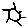
Label: sun
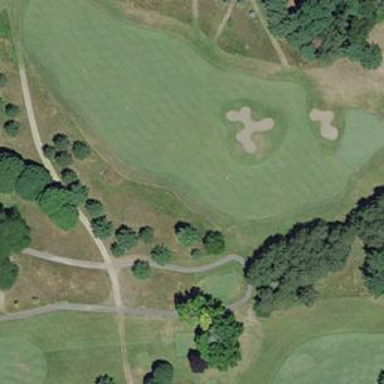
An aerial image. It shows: Grassy fairway on golf course.
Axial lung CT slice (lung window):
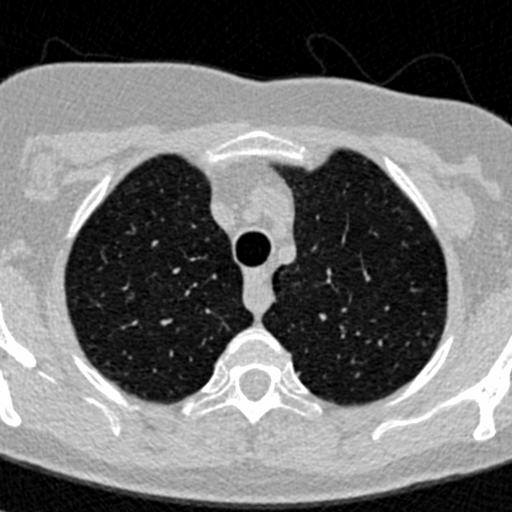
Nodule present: no
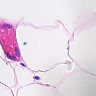
Metastatic tissue present: no
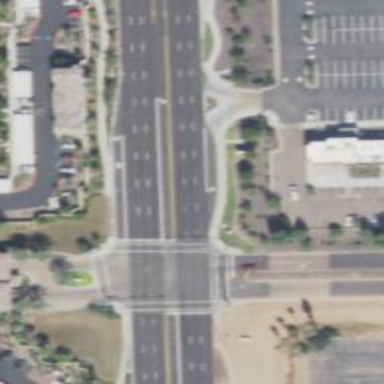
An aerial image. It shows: Solid stop line on the road marking.
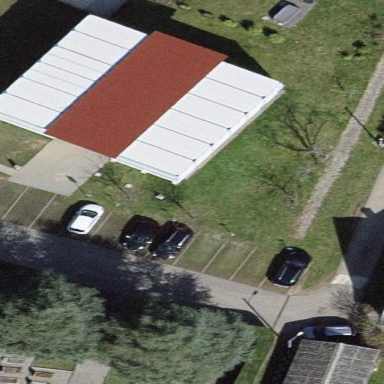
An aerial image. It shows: Parking area with surface.
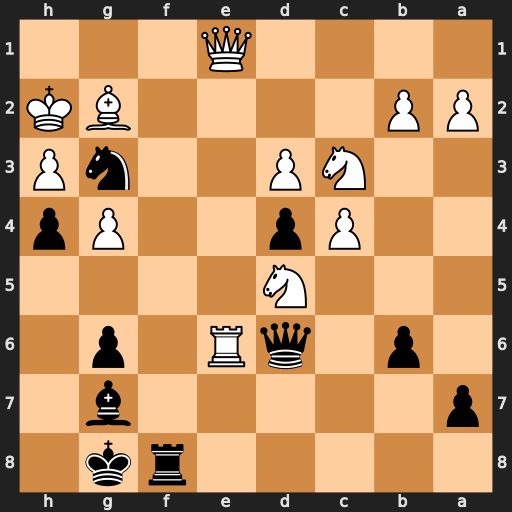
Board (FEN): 5rk1/p5b1/1p1qR1p1/3N4/2Pp2Pp/2NP2nP/PP4BK/4Q3
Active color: b
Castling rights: -
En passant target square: -
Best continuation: Nf1+ Kg1 Qh2#
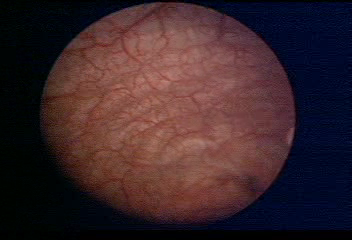
Modality: WLC
Class: Normal mucosa
Bladder cancer association: No
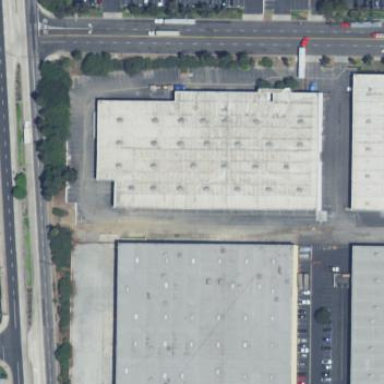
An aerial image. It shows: Warehouse building.
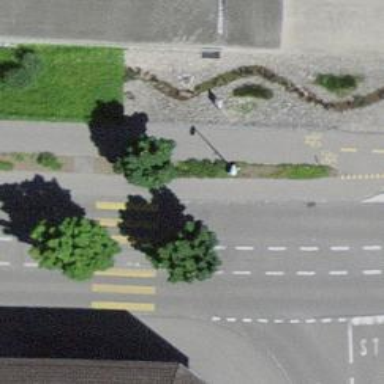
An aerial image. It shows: Uncontrolled crossing with central island on the road.
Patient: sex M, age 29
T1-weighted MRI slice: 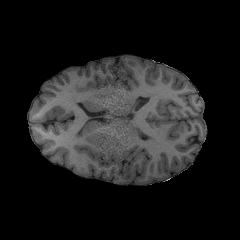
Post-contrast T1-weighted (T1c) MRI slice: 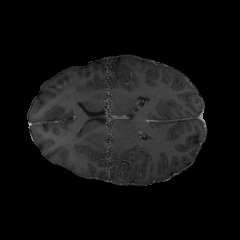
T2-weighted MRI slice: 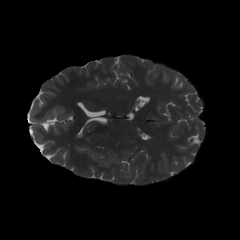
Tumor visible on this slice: no
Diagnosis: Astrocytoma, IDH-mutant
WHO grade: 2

******

** Try it **
Extract the run of lines beginning with the line that holds "An aerial image. It shows: Uncontrolled" and ending at the last line of the data, inclusive. Exclude any pictures from the copy.

** Written response **
An aerial image. It shows: Uncontrolled crossing with central island on the road.
Patient: sex M, age 29
T1-weighted MRI slice: 
Post-contrast T1-weighted (T1c) MRI slice: 
T2-weighted MRI slice: 
Tumor visible on this slice: no
Diagnosis: Astrocytoma, IDH-mutant
WHO grade: 2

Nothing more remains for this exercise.